The waiters are perhaps fonder than I am of the merguez, spicy Moroccan sausage served with a mash of the cooked tomato salad mechouia — the slightly underflavored links are good enough, but better Middle Eastern sausage is easy enough to find in Los Angeles. The pork short ribs are just sticky. And the wild boar albondigas are silly: meatballs zapped with smoked paprika, doused in over-reduced tomato sauce and strapped into their iron serving dish with cinctures of melted manchego cheese. If Applebee's ever decided to branch out into tapas, this might be what you'd expect.
The larger plates — as has become standard practice in Los Angeles restaurants, appetizers and main courses have become extinct — are also best when they are most French: sliced, rare hanger steak, bavette, almost as dense as liver; rabbit leg braised with leeks and tomatoes; moist, flaky black cod with on a rich mound of braised oxtail. (Lavaund likes to braise.) The braised pork belly, brushed with Chinese vinegar and briefly crisped, may sound like an Asian dish, especially served as it is in a shallow puddle of congee, but the herbs again steer it toward France.
At Citrus at Social, aside from the stunning French fries cooked in clarified butter, Lavaund's best-known dish was probably his duckless faux gras. This year, with now-banned foie gras harder to obtain in California than Mendocino's finest, the faux gras is suddenly compelling, a slab of chicken livers, emulsified with what I imagine is sweet butter, that resembles the fattened duck liver more closely than almost anything else in town, especially when you spread it on a slice of warm, house-baked bread.

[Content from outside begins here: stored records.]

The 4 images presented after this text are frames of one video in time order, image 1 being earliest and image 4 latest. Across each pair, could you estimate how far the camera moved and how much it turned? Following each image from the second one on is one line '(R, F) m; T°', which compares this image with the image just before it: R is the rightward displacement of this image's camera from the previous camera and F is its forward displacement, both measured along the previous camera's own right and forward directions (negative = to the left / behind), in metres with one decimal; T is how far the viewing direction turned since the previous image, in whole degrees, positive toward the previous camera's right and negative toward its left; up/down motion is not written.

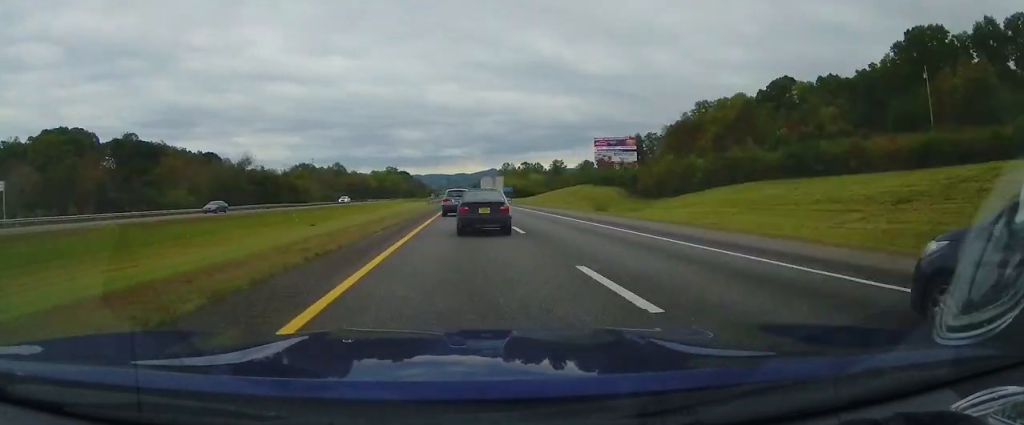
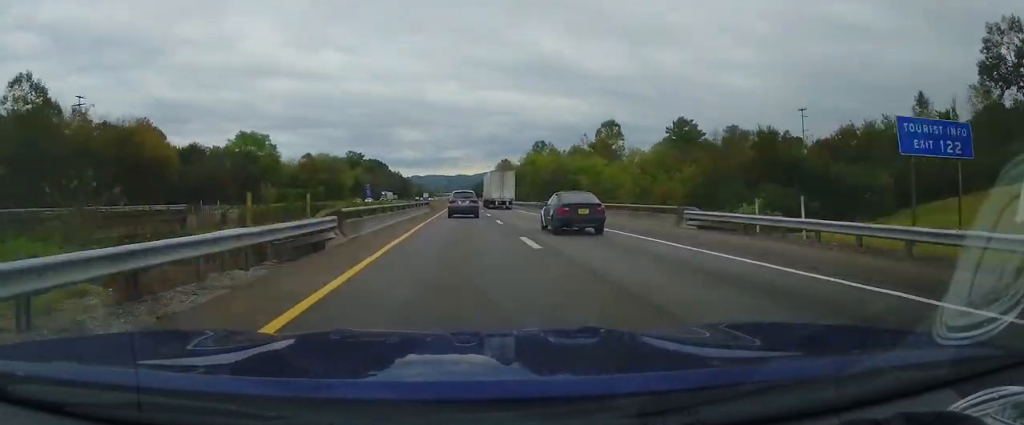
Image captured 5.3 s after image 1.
(-0.6, +164.5) m; 0°
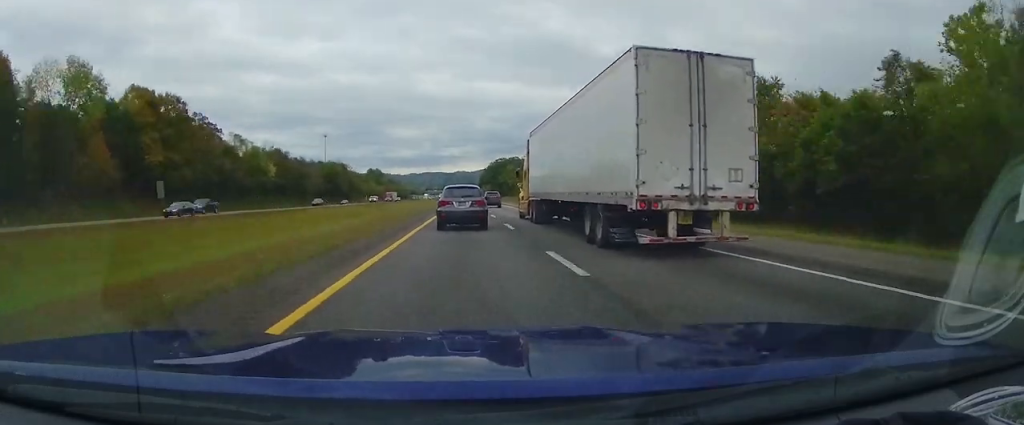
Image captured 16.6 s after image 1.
(+0.4, +479.9) m; 0°
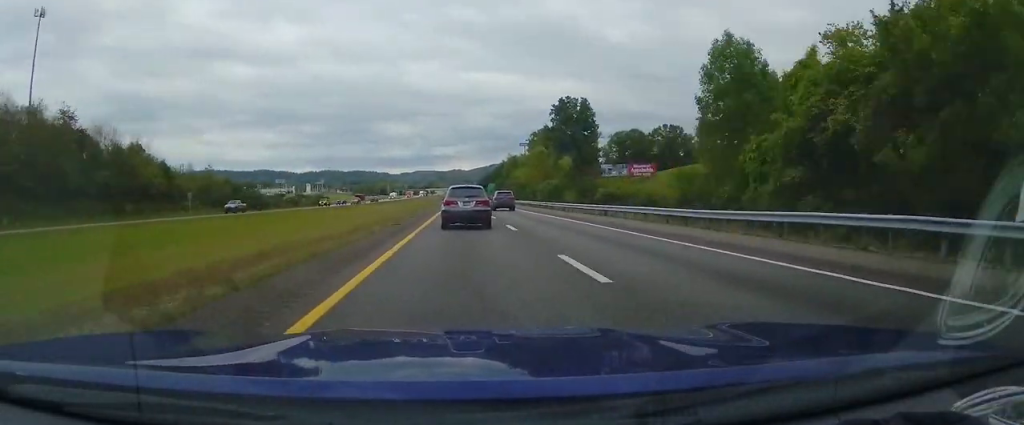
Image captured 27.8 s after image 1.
(-1.4, +376.6) m; 0°
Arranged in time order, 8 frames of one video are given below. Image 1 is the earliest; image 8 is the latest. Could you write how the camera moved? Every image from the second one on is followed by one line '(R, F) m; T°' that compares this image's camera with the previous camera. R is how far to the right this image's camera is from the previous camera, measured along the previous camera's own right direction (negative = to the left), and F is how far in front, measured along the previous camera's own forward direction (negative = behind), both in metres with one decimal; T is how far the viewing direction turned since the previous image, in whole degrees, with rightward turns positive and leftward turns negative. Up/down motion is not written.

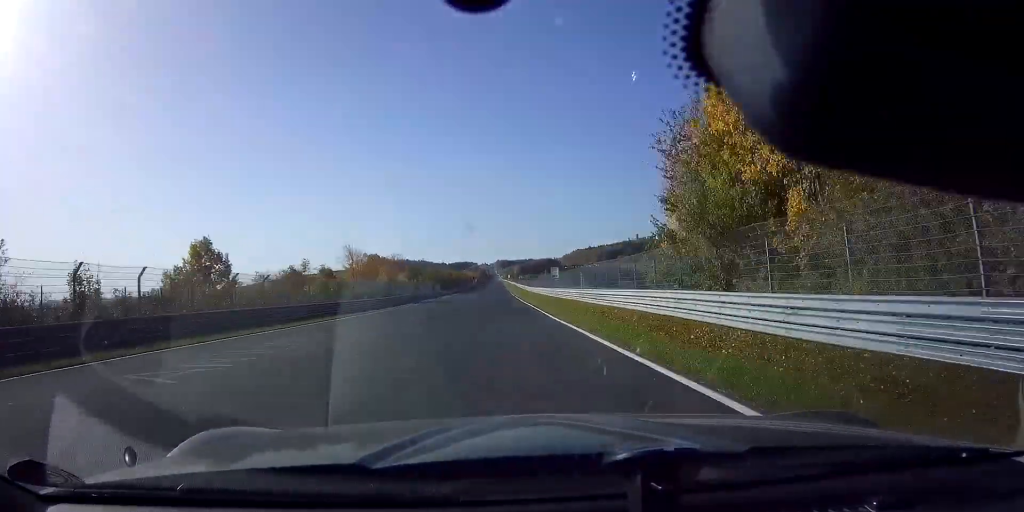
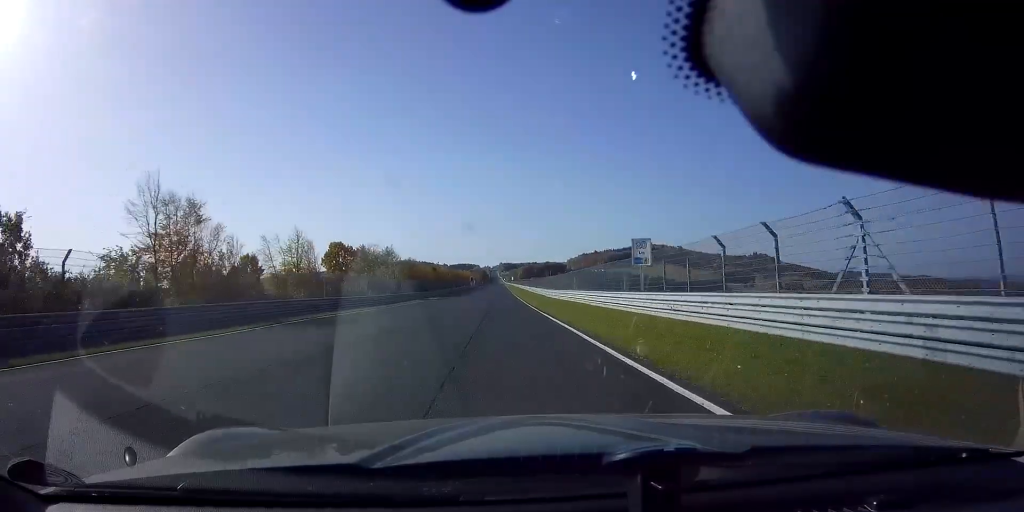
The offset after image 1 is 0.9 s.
(+0.4, +40.6) m; 0°
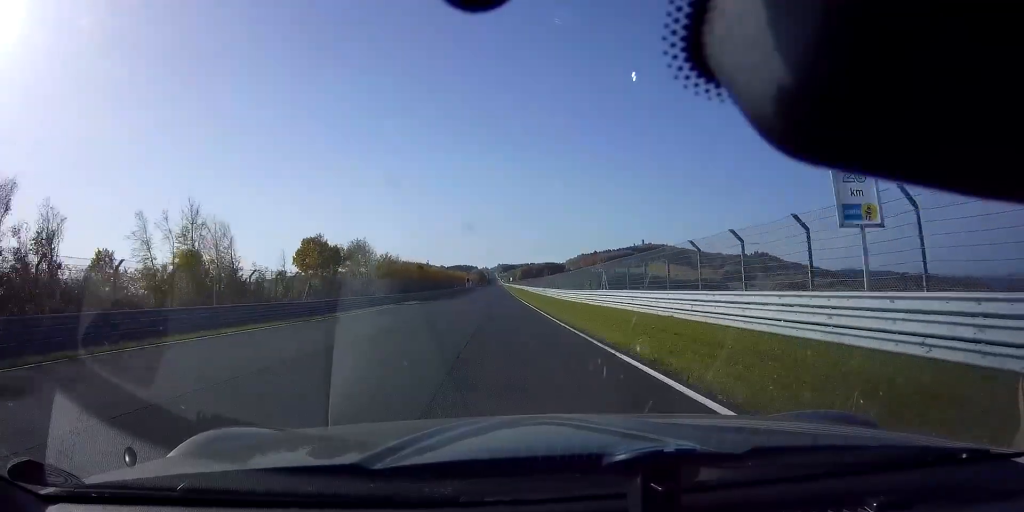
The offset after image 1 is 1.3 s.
(-0.1, +16.9) m; 0°
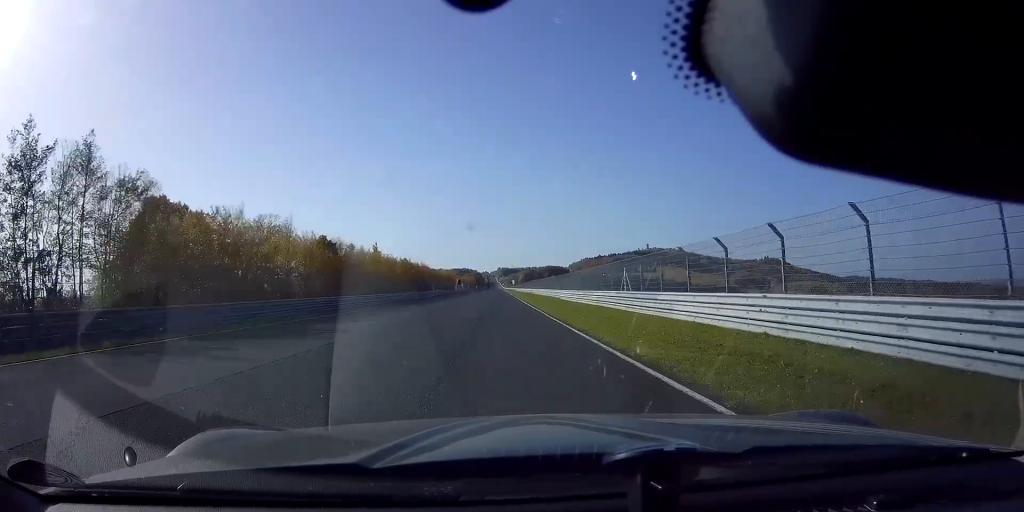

Le Ka may look light a night club, but, in truth, it's a French bistro
800 W. 6th St., Suite 100, Los Angeles, (213) 688-3000, lekarestaurant.com
Small plates, $7-17; pizza, $14-$16; large plates, $14-$25; desserts, $8-$9
11 a.m. to 2 a.m. Mondays to Fridays, 11 a.m. to 2 a.m. and 5 p.m. to 2 a.m. Saturdays, 5 p.m. to midnight Sundays. Credit cards accepted. Full bar. Valet parking.